Undifferentiated arthritis

If the inflammatory arthritis does not fulfil the 2010 RA criteria, undifferentiated arthritis is diagnosed, which might later either recover spontaneously or progress to definite RA.Nevertheless, inflammatory arthritis seems to begin much earlier than the clinically evident phases of undifferentiated arthritis and definite RA. Clinically suspect arthralgia and asymptomatic pre-clinical period might precede.


Pre-arthritis (arthralgia)

Nowadays, clinicians aim to recognise RA very early. Clinically suspect arthralgia must be differentiated, as 20% of cases will progress to RA. In 2016, criteria of the clinically suspect arthralgia were defined by European and American international rheumatology leagues. The more criteria are fulfilled, the greater the chance is for RA development. The 2016 criteria are: involvement of the metacarpophalangeal joints, positive MCP squeeze test, restricted fist formation of the hands, predominate morning signs, with pronounced morning stiffness (> 6o mins), positive family history of RA and less than 1-year disease duration.

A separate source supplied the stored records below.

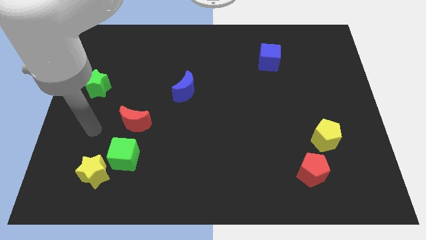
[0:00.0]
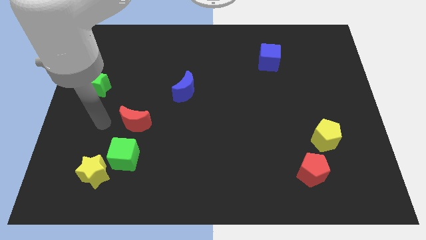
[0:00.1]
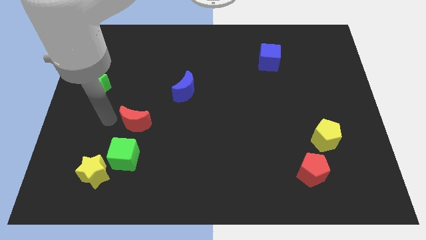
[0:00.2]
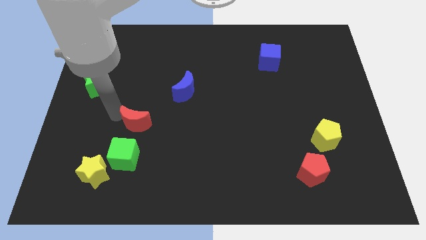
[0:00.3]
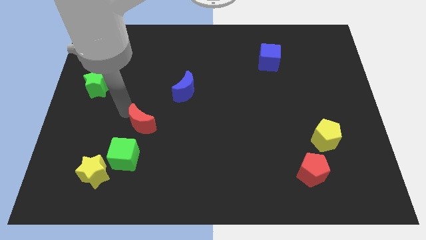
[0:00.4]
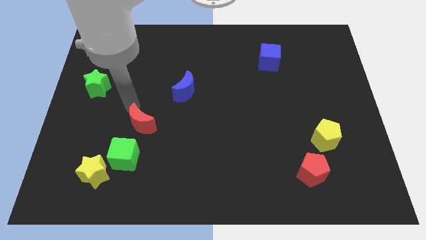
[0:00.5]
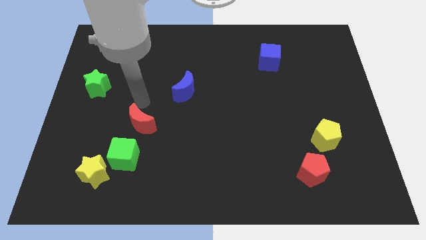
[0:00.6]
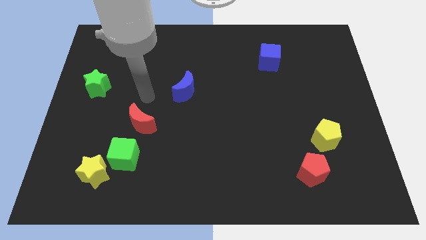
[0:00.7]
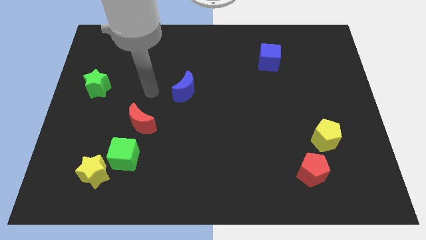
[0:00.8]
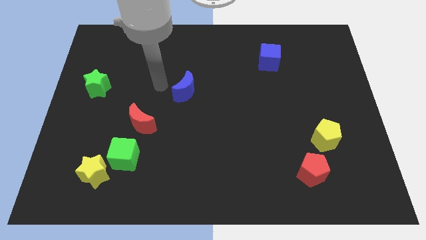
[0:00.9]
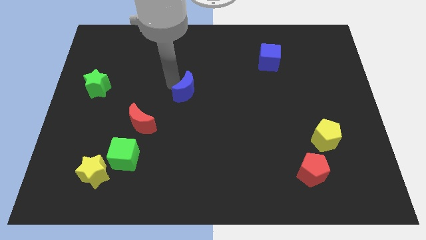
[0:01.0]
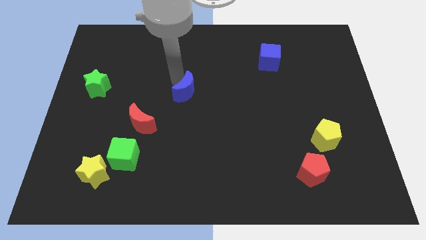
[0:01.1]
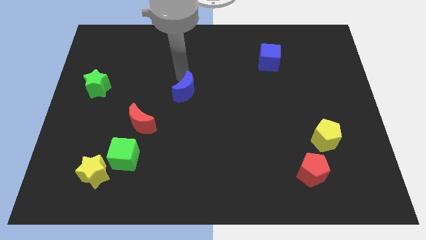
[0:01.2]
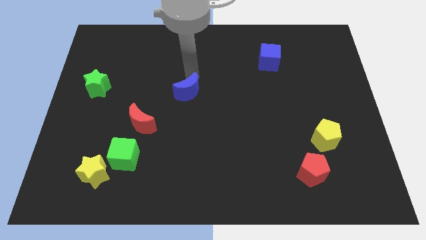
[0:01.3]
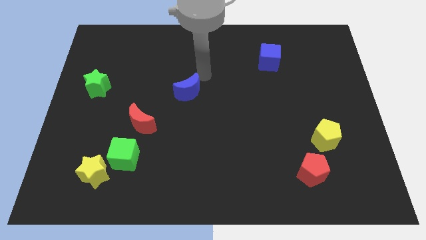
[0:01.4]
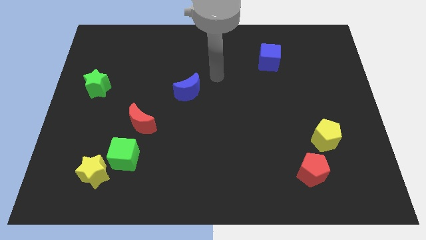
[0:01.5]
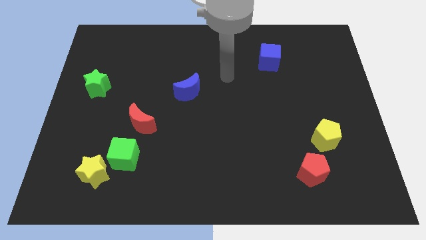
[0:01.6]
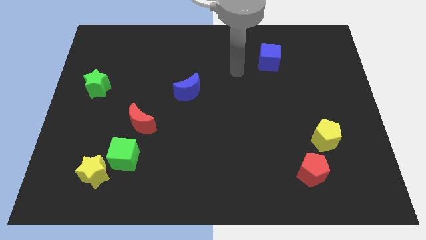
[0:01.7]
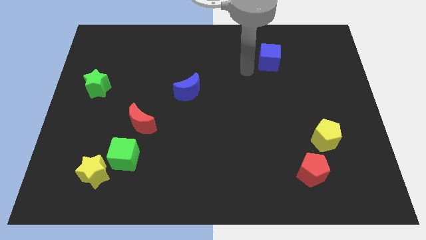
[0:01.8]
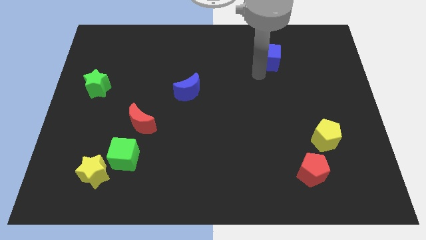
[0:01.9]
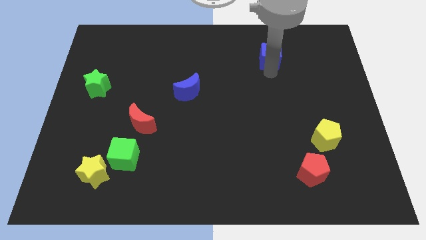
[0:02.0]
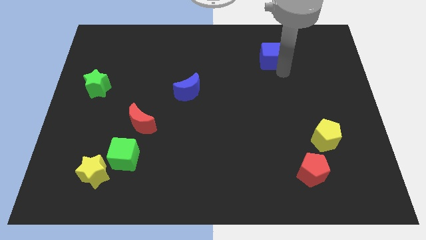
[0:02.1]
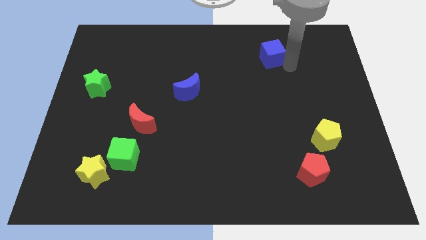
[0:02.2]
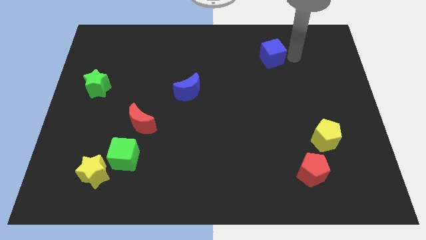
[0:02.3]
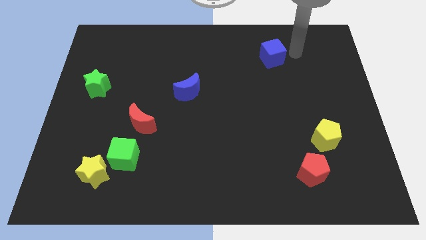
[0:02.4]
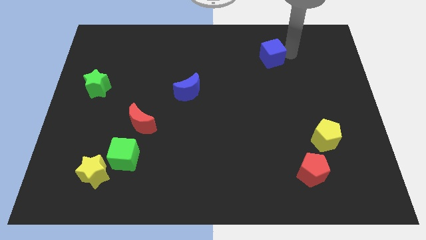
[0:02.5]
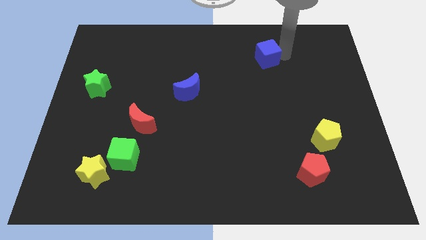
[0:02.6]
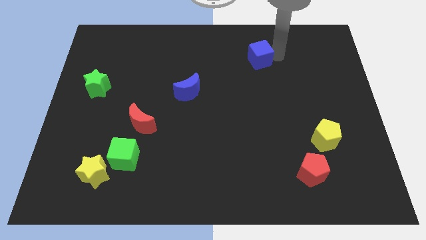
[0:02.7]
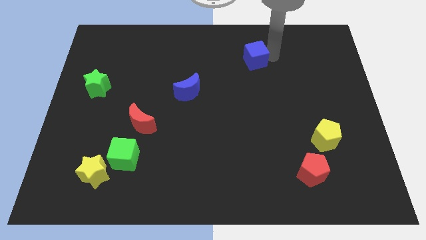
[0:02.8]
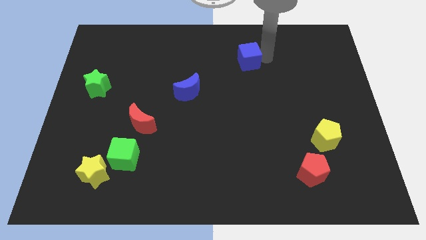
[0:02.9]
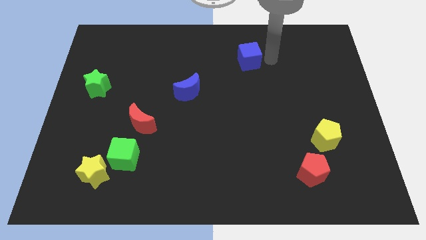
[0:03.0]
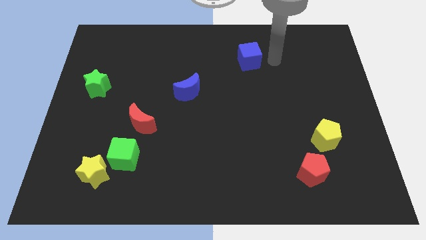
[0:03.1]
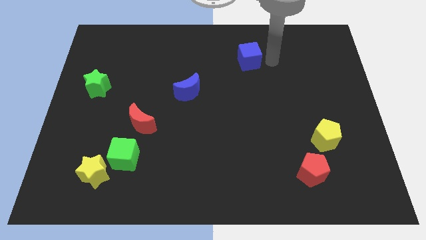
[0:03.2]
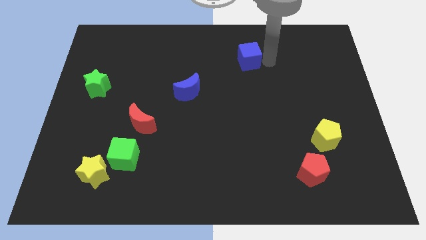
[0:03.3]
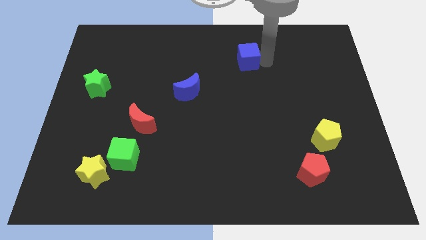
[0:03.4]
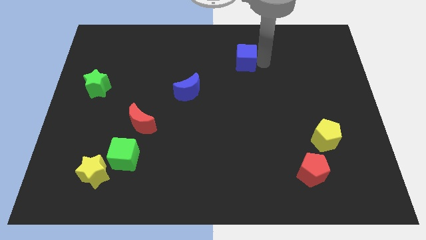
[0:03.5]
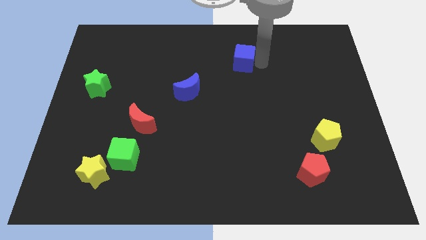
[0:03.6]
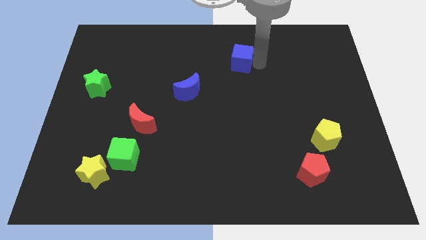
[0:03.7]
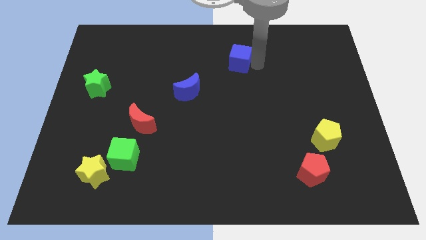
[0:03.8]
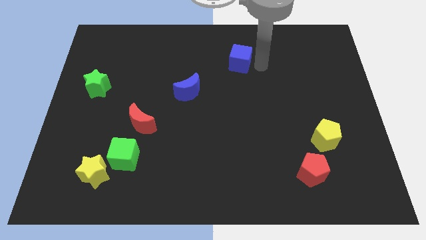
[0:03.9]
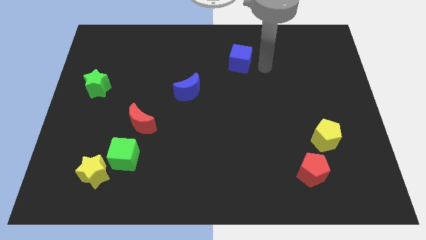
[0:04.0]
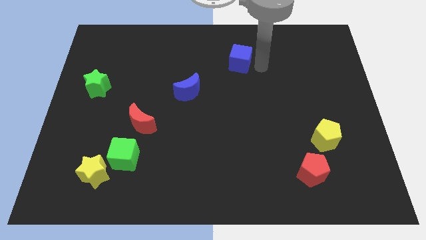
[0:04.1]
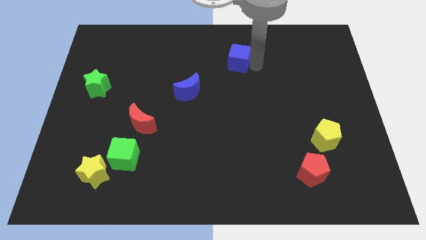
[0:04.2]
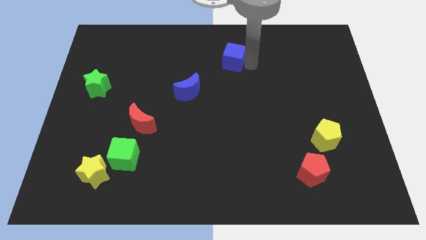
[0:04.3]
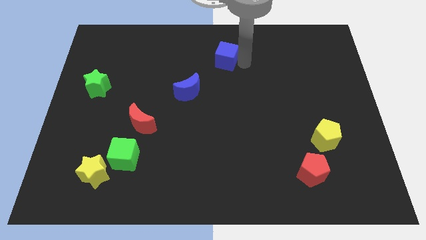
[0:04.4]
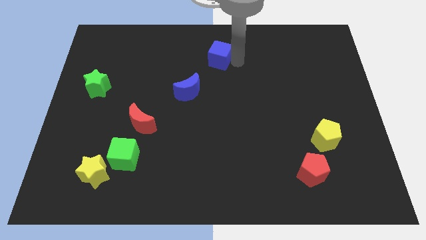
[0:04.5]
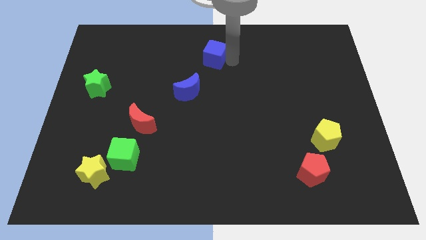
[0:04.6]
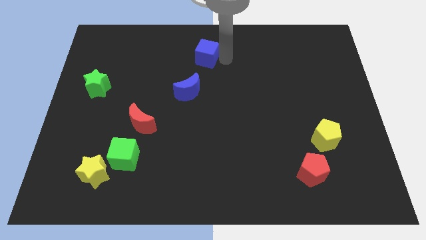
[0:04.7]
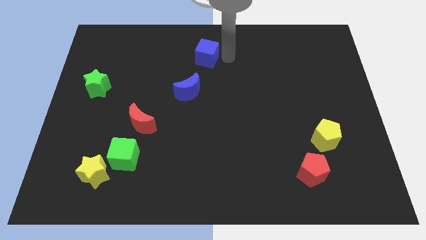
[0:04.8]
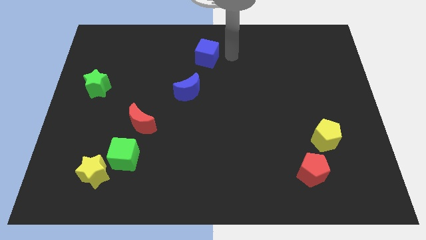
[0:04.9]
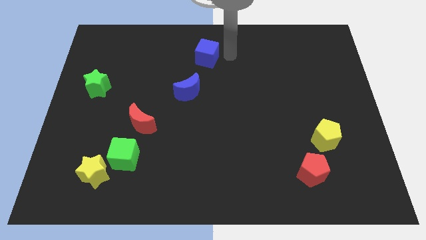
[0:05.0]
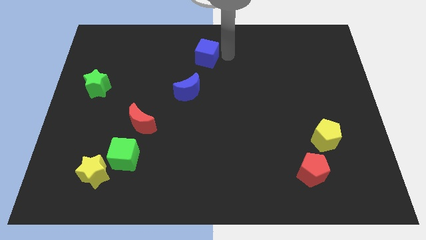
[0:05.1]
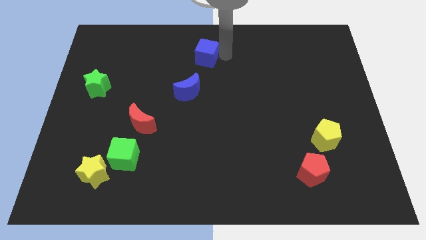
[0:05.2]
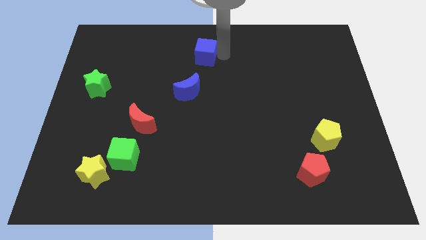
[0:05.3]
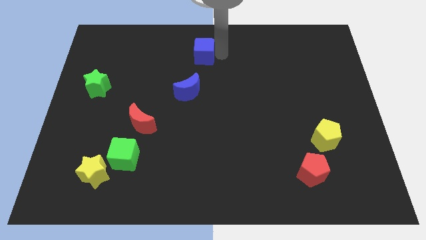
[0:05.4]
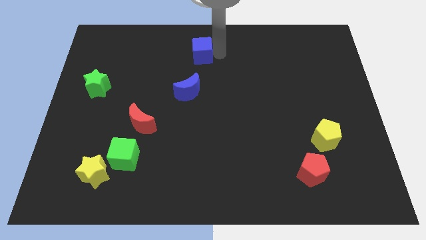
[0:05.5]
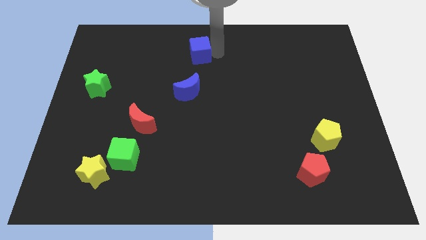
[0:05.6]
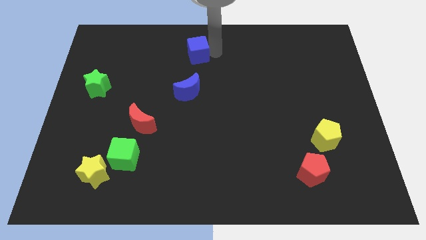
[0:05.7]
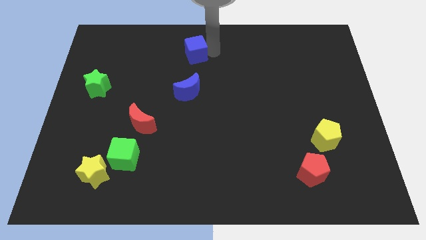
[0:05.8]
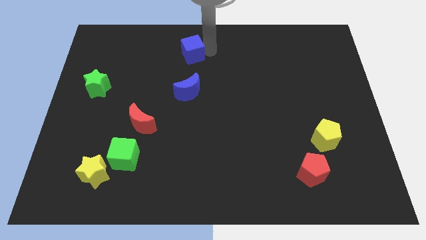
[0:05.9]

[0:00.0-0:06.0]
move the blue cube to the left

Pre-clinical phase (autoimmunity)

In the earliest phase, asymptomatic autoimmunity appears long before RA development as a result of genetic susceptibility and environmental risk factors; appr. 10 years before the onset of clinical arthritis, characteristic autoantibodies (anti-CCP antibody!) can be detected in sera of RA patients. Autoantigens are triggered by innate, environmental and lifestyle stimuli (smoking!), which can lead to formation of non-matured autoantibodies. In a genetically susceptible person response matures as reflected by increasing titers, extensive isotypes and affinity spreading. It is supposed that persons in this phase might already experience arthralgia.


As a consequence, the best practical advice to anyone with pain in their hands and perhaps swelling, with a positive family history of RA, is to go to their rheumatologist as soon as possible. Early diagnosis of RA and early effective treatment will prevent functional and structural damage and result in a symptom-free favourable outcome.